### Excerpts from a dataset
◇ ◇ ◇ ◇

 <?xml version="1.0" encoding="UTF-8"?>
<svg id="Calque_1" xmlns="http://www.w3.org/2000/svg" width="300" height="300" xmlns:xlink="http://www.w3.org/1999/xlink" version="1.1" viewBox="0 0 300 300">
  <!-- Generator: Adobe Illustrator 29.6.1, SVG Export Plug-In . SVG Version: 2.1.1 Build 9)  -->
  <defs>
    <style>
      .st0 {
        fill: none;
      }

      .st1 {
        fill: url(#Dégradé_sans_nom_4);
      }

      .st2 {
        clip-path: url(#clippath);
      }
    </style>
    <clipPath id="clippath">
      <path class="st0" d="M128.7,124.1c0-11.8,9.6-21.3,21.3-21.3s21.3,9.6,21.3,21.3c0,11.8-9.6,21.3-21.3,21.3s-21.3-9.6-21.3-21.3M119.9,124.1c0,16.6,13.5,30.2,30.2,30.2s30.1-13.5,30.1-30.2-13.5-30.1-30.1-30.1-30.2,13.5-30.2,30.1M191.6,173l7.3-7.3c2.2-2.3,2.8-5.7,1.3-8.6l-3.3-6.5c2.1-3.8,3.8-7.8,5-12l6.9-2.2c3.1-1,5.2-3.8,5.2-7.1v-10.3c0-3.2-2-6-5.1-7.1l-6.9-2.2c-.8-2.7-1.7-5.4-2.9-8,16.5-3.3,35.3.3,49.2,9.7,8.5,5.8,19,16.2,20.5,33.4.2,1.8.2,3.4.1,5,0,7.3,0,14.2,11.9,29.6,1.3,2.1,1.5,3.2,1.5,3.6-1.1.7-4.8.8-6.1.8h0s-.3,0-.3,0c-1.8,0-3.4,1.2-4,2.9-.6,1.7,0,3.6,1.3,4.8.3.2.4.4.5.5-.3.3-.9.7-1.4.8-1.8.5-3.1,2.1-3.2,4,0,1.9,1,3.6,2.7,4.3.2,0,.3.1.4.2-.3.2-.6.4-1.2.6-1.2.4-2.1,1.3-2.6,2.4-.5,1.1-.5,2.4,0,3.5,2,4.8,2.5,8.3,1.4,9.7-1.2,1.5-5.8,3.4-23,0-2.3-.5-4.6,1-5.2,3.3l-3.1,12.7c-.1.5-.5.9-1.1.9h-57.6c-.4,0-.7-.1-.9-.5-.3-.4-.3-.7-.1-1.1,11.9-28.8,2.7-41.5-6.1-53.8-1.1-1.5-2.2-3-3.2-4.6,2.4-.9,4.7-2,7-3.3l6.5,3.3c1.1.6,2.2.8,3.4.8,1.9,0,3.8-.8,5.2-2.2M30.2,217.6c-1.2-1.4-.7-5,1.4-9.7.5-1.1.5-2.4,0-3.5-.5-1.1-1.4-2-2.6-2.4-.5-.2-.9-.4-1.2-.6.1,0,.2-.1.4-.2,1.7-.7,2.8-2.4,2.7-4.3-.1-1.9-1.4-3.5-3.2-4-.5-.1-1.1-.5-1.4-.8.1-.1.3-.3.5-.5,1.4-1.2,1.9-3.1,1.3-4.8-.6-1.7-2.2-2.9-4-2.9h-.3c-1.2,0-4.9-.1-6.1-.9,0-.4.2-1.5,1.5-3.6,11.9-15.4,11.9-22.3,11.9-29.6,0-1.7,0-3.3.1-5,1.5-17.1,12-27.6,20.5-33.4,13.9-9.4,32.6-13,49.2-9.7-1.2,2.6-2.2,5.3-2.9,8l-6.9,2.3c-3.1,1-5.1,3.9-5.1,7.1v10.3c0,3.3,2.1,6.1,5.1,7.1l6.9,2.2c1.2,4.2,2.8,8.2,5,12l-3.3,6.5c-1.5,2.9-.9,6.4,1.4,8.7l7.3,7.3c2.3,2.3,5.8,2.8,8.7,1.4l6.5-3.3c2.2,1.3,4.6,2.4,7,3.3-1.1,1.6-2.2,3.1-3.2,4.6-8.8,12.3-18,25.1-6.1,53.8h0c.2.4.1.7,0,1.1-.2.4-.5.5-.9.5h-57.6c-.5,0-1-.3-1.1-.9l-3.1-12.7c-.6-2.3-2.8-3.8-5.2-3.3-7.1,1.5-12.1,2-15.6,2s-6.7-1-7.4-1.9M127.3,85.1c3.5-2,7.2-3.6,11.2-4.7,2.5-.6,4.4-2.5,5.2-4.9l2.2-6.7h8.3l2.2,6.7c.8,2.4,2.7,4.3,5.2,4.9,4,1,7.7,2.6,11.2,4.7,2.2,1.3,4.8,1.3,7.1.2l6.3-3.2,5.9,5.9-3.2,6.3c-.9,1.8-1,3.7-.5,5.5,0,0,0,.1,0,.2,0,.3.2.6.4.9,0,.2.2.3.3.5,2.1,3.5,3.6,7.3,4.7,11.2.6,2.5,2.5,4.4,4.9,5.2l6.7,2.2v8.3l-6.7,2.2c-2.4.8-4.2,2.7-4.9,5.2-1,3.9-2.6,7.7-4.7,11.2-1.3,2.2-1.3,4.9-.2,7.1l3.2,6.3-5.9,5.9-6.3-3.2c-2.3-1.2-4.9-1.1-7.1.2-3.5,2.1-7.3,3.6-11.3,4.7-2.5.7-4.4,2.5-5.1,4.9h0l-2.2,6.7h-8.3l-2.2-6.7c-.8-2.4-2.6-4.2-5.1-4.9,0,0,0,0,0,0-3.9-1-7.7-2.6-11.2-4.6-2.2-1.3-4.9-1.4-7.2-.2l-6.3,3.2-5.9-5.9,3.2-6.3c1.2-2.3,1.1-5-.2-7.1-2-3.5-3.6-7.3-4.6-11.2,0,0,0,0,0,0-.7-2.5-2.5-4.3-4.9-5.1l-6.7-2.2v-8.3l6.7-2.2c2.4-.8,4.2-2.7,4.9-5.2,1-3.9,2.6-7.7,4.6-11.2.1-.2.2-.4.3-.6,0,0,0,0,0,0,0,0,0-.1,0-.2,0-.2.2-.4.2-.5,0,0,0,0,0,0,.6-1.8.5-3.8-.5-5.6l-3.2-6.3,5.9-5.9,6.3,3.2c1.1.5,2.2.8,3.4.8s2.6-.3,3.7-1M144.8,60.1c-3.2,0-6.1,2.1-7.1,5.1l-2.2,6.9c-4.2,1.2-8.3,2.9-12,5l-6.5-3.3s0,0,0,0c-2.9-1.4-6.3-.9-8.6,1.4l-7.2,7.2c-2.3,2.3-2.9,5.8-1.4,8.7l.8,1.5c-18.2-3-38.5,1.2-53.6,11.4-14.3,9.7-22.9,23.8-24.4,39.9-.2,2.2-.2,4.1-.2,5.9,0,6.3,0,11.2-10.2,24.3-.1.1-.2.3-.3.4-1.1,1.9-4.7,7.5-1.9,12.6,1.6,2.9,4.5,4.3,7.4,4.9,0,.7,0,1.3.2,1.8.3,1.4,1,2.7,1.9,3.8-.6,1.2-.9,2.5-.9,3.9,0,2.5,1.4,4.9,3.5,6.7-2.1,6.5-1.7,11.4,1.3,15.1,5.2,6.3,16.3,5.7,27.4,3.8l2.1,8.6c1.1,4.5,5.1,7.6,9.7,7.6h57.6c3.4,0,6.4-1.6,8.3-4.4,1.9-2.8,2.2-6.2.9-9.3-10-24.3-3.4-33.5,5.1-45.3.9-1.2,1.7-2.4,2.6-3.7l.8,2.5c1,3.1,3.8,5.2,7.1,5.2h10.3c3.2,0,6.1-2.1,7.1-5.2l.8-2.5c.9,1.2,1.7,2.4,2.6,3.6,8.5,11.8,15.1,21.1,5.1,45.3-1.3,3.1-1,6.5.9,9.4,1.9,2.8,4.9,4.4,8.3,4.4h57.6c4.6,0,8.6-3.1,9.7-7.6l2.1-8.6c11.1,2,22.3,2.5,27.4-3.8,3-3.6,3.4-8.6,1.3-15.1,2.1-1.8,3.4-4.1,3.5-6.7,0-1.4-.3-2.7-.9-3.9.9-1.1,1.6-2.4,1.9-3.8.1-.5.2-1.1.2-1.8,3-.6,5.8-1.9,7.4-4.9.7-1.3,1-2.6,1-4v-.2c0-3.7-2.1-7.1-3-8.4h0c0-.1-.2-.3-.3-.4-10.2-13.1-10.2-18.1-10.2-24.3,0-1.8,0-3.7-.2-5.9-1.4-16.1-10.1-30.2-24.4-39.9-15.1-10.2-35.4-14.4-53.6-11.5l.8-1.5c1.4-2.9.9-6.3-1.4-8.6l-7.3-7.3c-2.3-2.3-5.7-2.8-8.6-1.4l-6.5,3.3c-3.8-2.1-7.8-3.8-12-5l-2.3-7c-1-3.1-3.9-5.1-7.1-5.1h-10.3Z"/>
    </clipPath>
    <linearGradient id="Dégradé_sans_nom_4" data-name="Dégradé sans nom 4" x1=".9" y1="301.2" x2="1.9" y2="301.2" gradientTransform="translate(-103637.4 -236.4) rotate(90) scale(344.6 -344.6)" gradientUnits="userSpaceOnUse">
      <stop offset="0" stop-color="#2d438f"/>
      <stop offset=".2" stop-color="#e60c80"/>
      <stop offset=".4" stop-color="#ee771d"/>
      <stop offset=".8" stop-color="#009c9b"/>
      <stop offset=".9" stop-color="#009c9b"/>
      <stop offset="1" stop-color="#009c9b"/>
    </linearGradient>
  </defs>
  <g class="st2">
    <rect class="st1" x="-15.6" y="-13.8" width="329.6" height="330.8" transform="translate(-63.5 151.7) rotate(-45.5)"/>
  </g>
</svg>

◇ ◇ ◇ ◇

### What the exercise asks
Copy out each line of the data where the string "color" appears.

### Task result
      <stop offset="0" stop-color="#2d438f"/>
      <stop offset=".2" stop-color="#e60c80"/>
      <stop offset=".4" stop-color="#ee771d"/>
      <stop offset=".8" stop-color="#009c9b"/>
      <stop offset=".9" stop-color="#009c9b"/>
      <stop offset="1" stop-color="#009c9b"/>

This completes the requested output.